Transplant patients are advised not to take any herbal remedies. Do not self-medicate with any medication other than those prescribed by your doctor.


Q: Do immunosuppressive drugs have side effects?

A: Yes. Some of these side effects include high blood pressure, steroid induced diabetes, osteoporosis, tremors, weight gain, impaired kidney function and increased risks of cancers and infections.

Q: Will my physical appearance change?

A: Physical changes that may occur include weight gain, moon shaped face, acne, sun sensitive or fragile skin, swollen gums and increased body hair. Physical changes after your transplant are primarily due to the side effects of immunosuppressive medication. These changes are not permanent. As your body adapts to your new liver, the transplant team will be able to reduce your medication, which will reduce the medication side effects.

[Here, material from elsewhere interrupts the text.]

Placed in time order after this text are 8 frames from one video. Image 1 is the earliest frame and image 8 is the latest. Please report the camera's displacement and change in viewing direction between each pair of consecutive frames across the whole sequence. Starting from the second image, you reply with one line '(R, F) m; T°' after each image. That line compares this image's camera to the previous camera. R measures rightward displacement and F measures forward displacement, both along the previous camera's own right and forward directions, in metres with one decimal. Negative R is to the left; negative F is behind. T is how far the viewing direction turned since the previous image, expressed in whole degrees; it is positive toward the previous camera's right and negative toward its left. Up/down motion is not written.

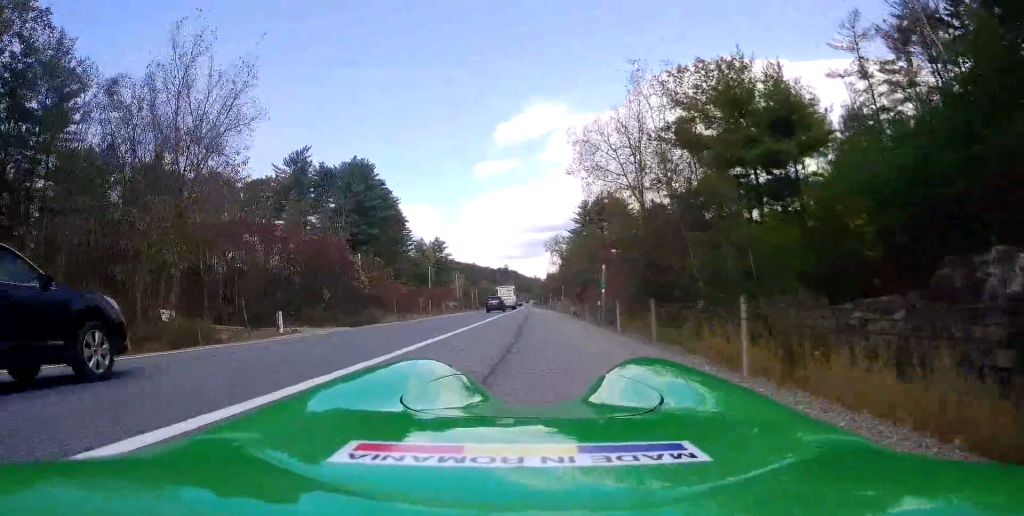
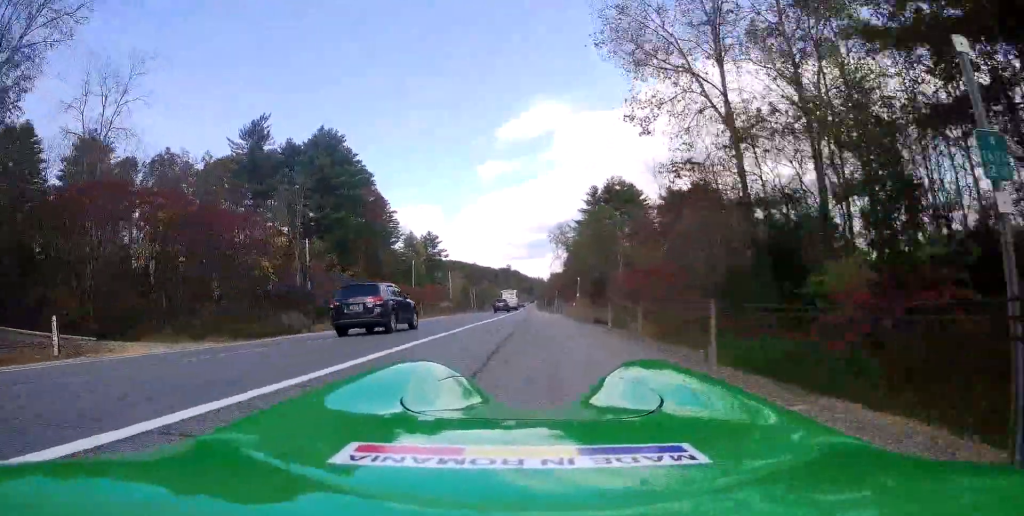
(-0.3, +18.9) m; -1°
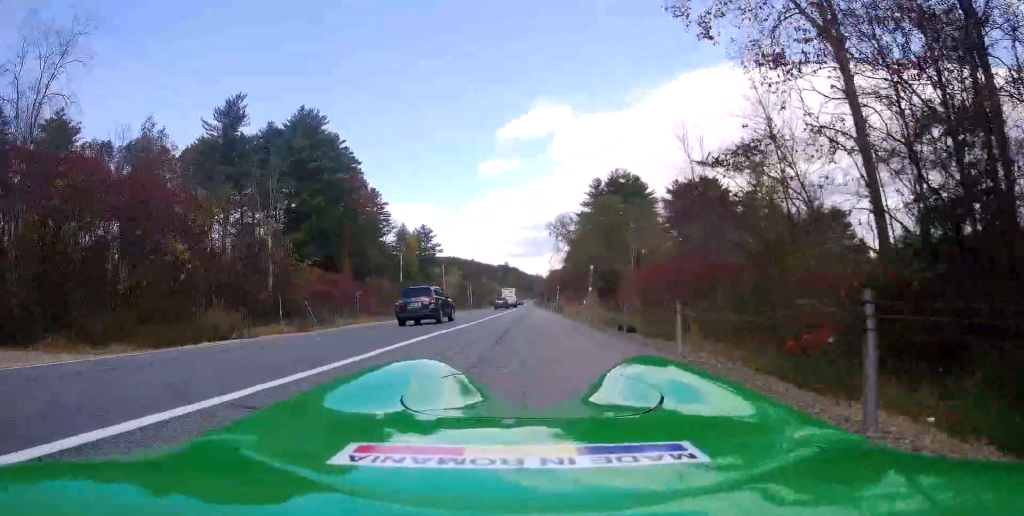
(+0.1, +8.6) m; +1°
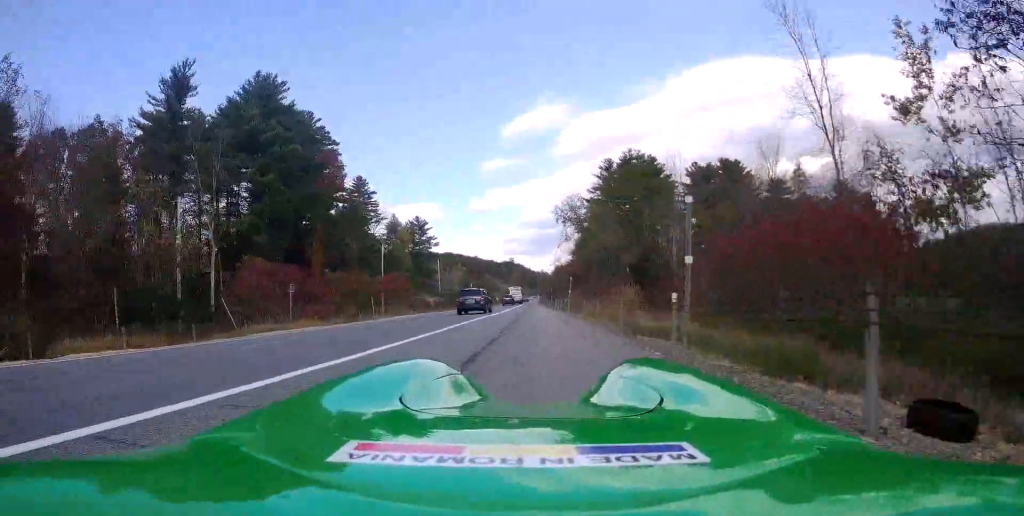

Changes in appearance can be distressing. Physical changes do have psychological effects, and if untreated, problems such as depression and anxiety can affect your mood and motivation. Should you experience these emotions, discuss with your clinic nurses, as assistance is available from services such as psychiatrist, psychologist, social worker and pastoral care worker. It may be useful to speak with other patients who have been through a similar experience. This can be arranged for you.

Q: Can my original disease occur in the new liver?

A: This is a complicated question. Most diseases have the ability to recur in the new liver. In patients transplanted for hepatitis C this disease recurs in 100% of patients. For a detailed discussion regarding this issue you should raise it with your liver transplant physician.